01:30:27 that would totally be an apple move hell bring back magsafe i mean that had lint problems too but anyway like i'm my mind is open to potential quote-unquote wireless solutions that are essentially a magnetically attached little wire thing that clings to the surface somewhere on the phone and charges it and having the phone still have chi charging for the oh i stick it in my car and it charges the whole thing right because there's room for both of those inside there
01:30:52 By the way, for the record, if Apple does go to a portless phone at some point in the future, there is no way they include the cable in the box.
01:31:01 Whatever your wireless charging solution, there is no way.
01:31:04 That's what I was saying.
01:31:06 No way.
01:31:06 I mean, they do it with the watch.
01:31:09 Like I said, the reason they do it with the watch is because the watch thing is proprietary.
01:31:12 right yes i mean you can actually kind of charge it on sheet chargers and scrap like that because whatever inductance doesn't care but um i've never gotten that to work i've tried it i think it depends on the particular thing but if it is a proprietary apple faster more localized heat generation charging thing or whatever they would absolutely include in the box for exactly the same reason they include it for the watch because where else are you going to get your first one of those cables because they don't exist when you buy your first thing
01:31:38 I'm with Marco.
01:31:39 I think they would just say, well, it's G-charging.
01:31:41 Go get one.
01:31:42 Or you can buy the Apple Fast Charger for $29.
01:31:45 Exactly.
01:31:45 And actually, as I said last show or whatever it was about the power bricks, if they want to make the pricing of these phones a la carte and just subtract the price of all the accessories from the phone price, that's fine for everybody.
01:31:58 No one objects to that.
01:31:59 But it's not the way things go.
01:32:05 They keep the price the same but remove stuff from the box.
01:32:08 Yeah, exactly.
01:32:08 Record profits again somehow this year.
01:32:13 And even less e-waste.
01:32:15 Actually, I'm curious.
01:32:16 Do you think – so in the last year or two, there's been a noticeable –
01:32:23 push on Apple's end for much more aggressive sales.
01:32:29 And you see this in a lot of different ways.
01:32:31 If you're on any mailing list that they have, they've been pushing increasingly aggressively for you to upgrade constantly to every new product.
01:32:39 They especially push on iPhones.
01:32:41 If you know any business reps in any of the retail stores, they've been pushing way more heavily through them over the last year or two.

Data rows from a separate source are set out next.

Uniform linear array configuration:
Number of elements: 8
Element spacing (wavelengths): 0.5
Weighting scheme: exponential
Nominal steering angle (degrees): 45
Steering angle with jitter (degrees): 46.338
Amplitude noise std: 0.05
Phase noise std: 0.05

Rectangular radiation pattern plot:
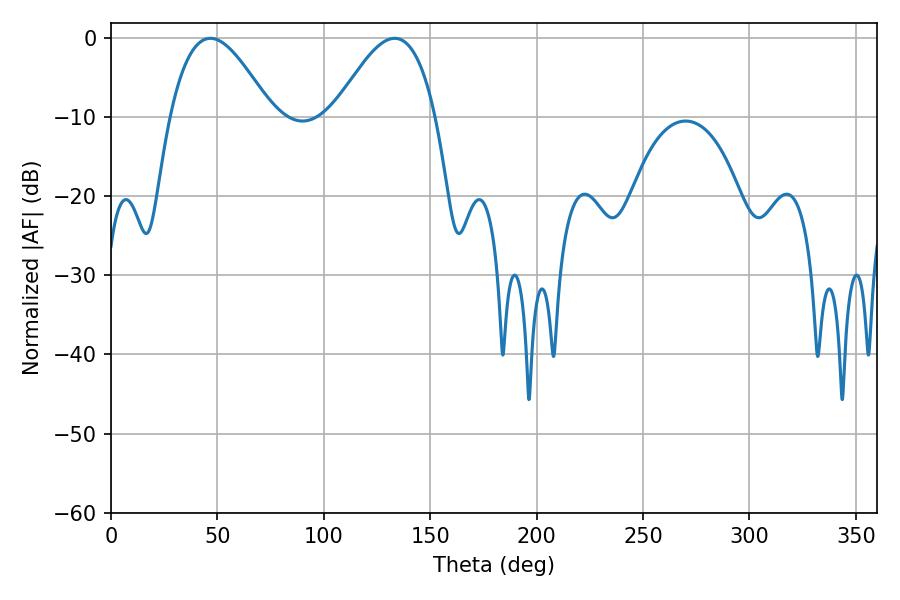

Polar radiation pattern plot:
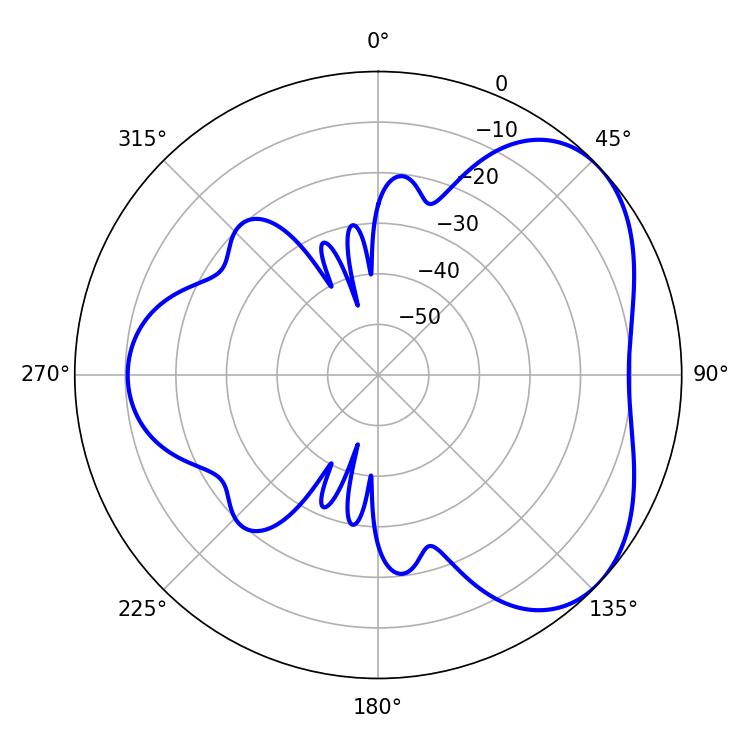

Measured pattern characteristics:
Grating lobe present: FALSE
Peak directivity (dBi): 4.448
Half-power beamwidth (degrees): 25.74
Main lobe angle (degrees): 46.8

01:32:50 um they ever since the apple card last fall they've been pushing a ton uh of like you know put buy through this car thing they've been pushing through the upgrade program buy through this they they changed every price of everything on the website recently to put the new like per month lease price first instead of the actual cash buying price of everything they sell basically which i think is honestly i think that's kind of sleazy and gross but
01:33:19 Like, they've been pushing so hard on the more aggressive sales angle recently.
01:33:27 Do you think they're going to do anything differently this year in that area?
01:33:31 Do you think, like, is there going to be any more of a push this year, given that we're in such a weird time and maybe sales might be suppressed because of the global conditions?
01:33:40 Like, is anything going to be different this year, you think, on the sales or business side?
01:33:45 Well, you just mentioned all the stuff they're already doing.
01:33:48 So, like, I think they will continue to do that.
01:33:51 But I can't, I'm not, you know, they already have the up-to-date thing.
01:33:54 They already show you all the prices per month.
01:33:57 That stuff already exists.
01:33:58 They will absolutely do that for the new phones.
01:33:59 But what is one step beyond that?
01:34:01 Like, what's the next step up in what's it going to take to get you into this new phone today?
01:34:06 I don't know what the next step is.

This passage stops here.